Solté un suspiro tan hondo que parecía que llevase años encerrado dentro. En el último año había sobrevivido a mi separación, la partida de mi única hija y la muerte de mi madre. Me había vuelto más valiente y a la vez más temerosa; más segura de mi capacidad de hacer frente al dolor y más reacia a exponerme a más dolor.

—No sé... —Fue todo lo que pude decir.

—Tranquila —dijo la joven pelirroja, poniéndome una mano en el hombro—. Yo cuidaré de ti.

¿Esta mujer esquelética iba a cuidar de mí?
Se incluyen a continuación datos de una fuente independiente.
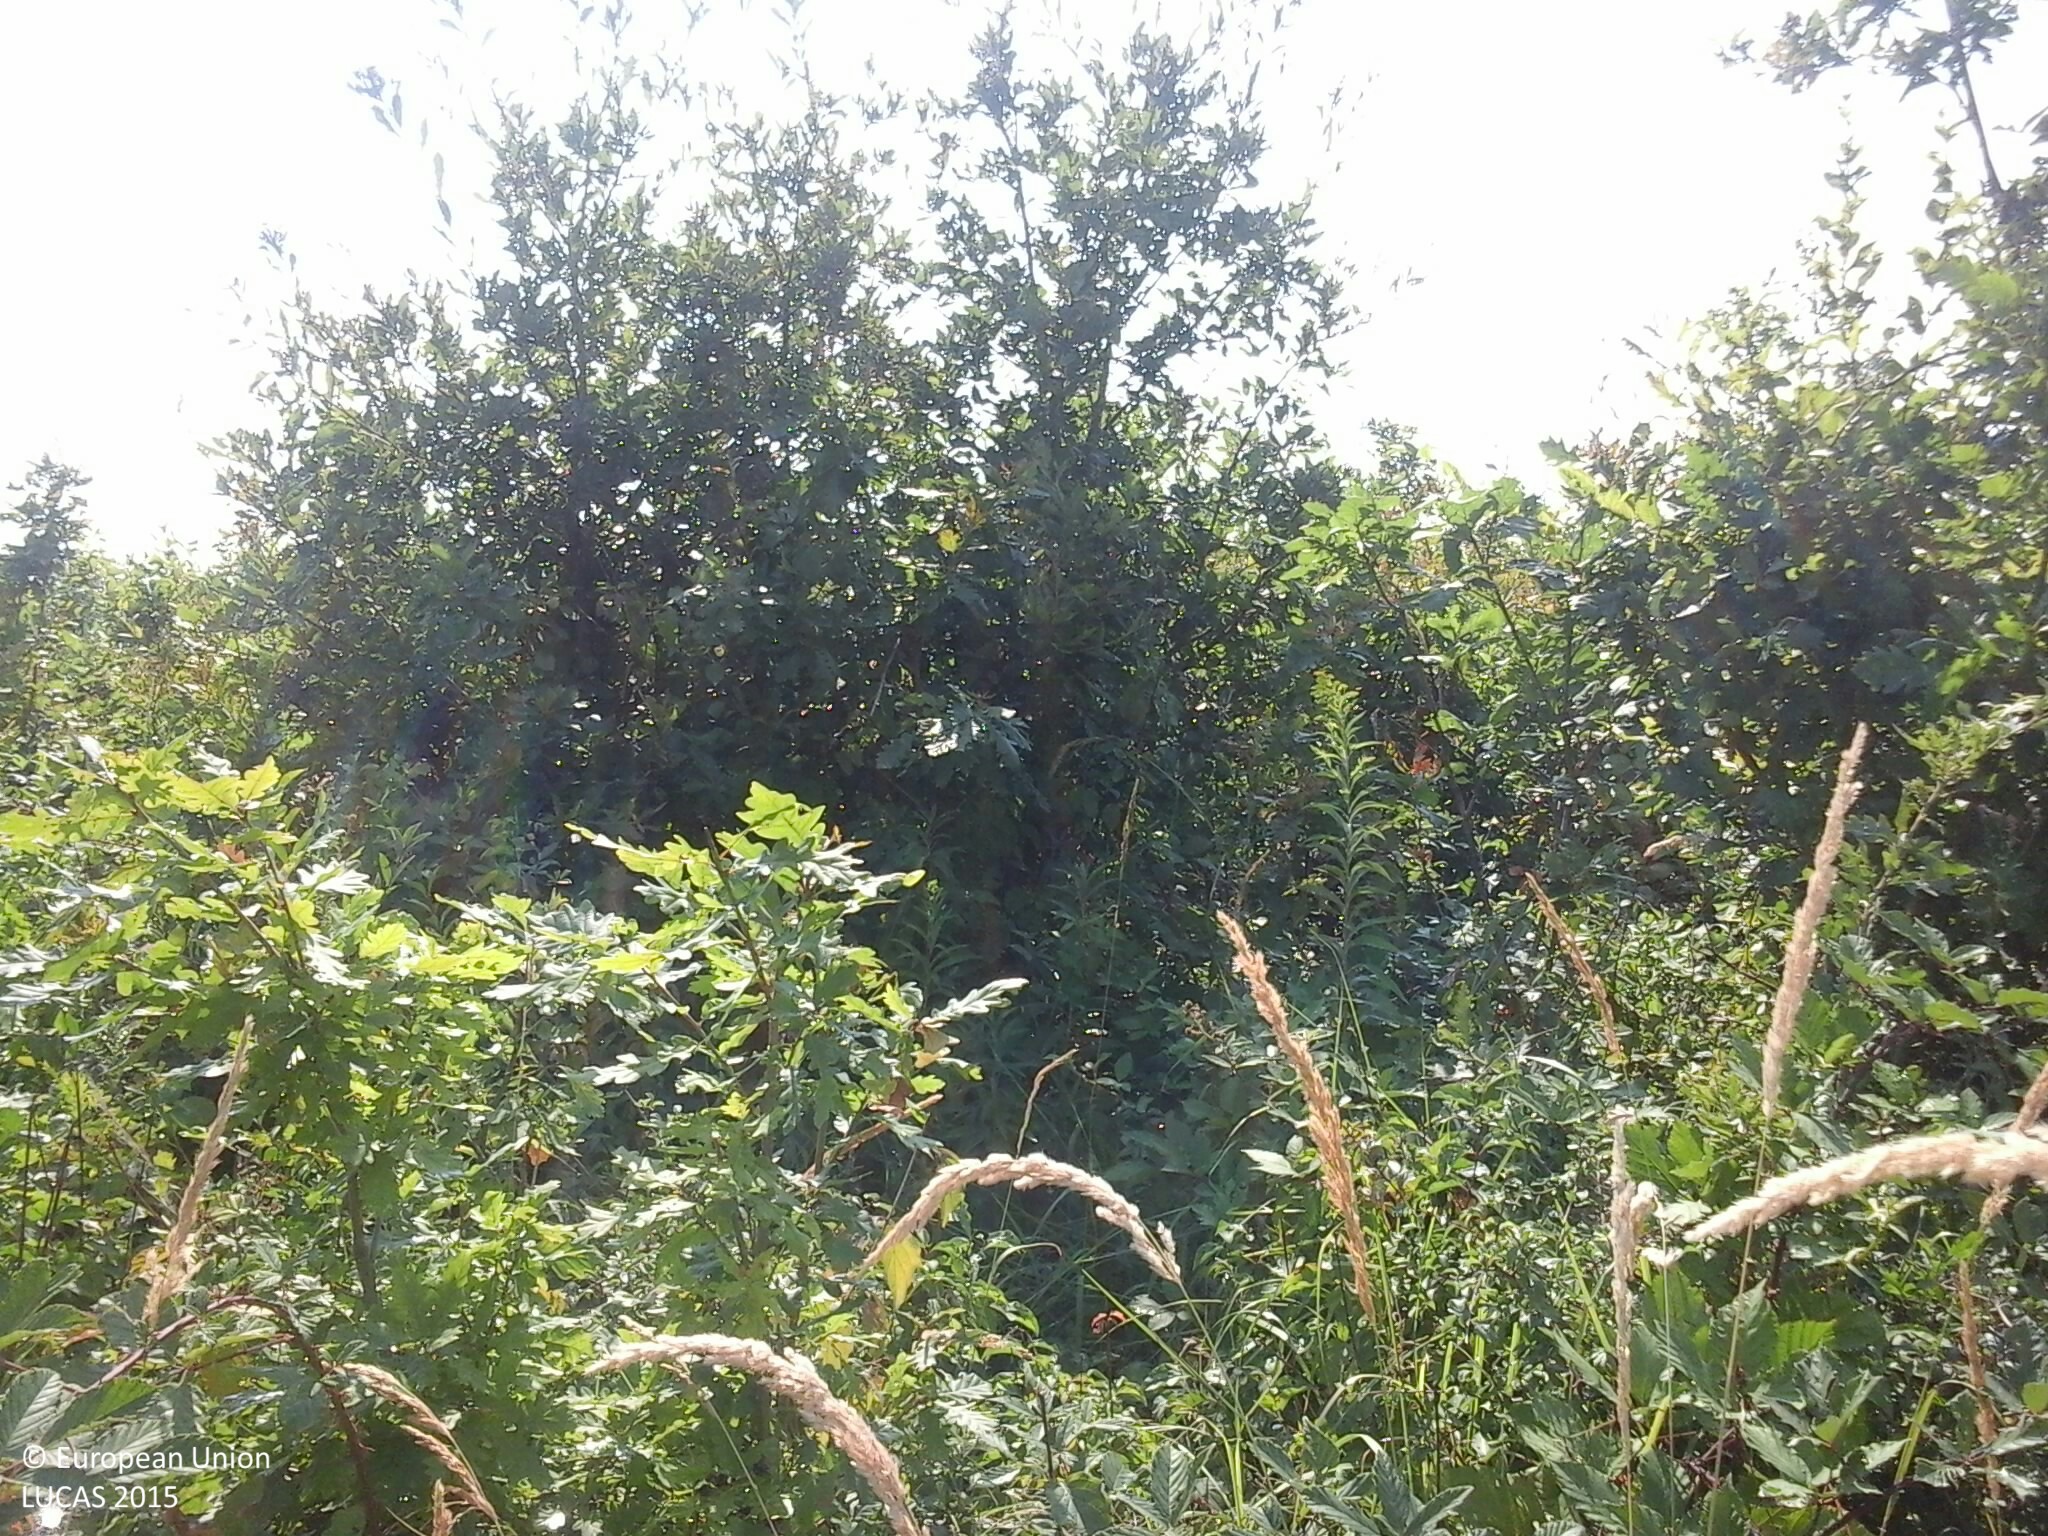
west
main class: Woodland
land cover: Broadleaved woodland
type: mesophytic deciduous forest
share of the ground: 50 - 75 %
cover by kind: broadleaved forest trees 50 %, herbaceous plants 30 %, shrubs 20 %
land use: Forestry
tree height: < 5 m
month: August
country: HU
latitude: 46.1384
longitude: 18.2794

Sonreí tenuemente.

—Me llamo Lindsay, por cierto.

—Alice.

—¡Vaya! —exclamó—. Como Munro o Walker.

La habría besado.

—Todo el mundo me dice «como Alicia en el País de las Maravillas».

—Yo no soy todo el mundo —replicó—. Pero aun así seré tu Conejo Blanco. —Y entonces se perdió por el laberinto de pasillos de Gentility Press, dejándome más nerviosa, y más emocionada, que nunca por lo que pudiera pasar la semana entrante.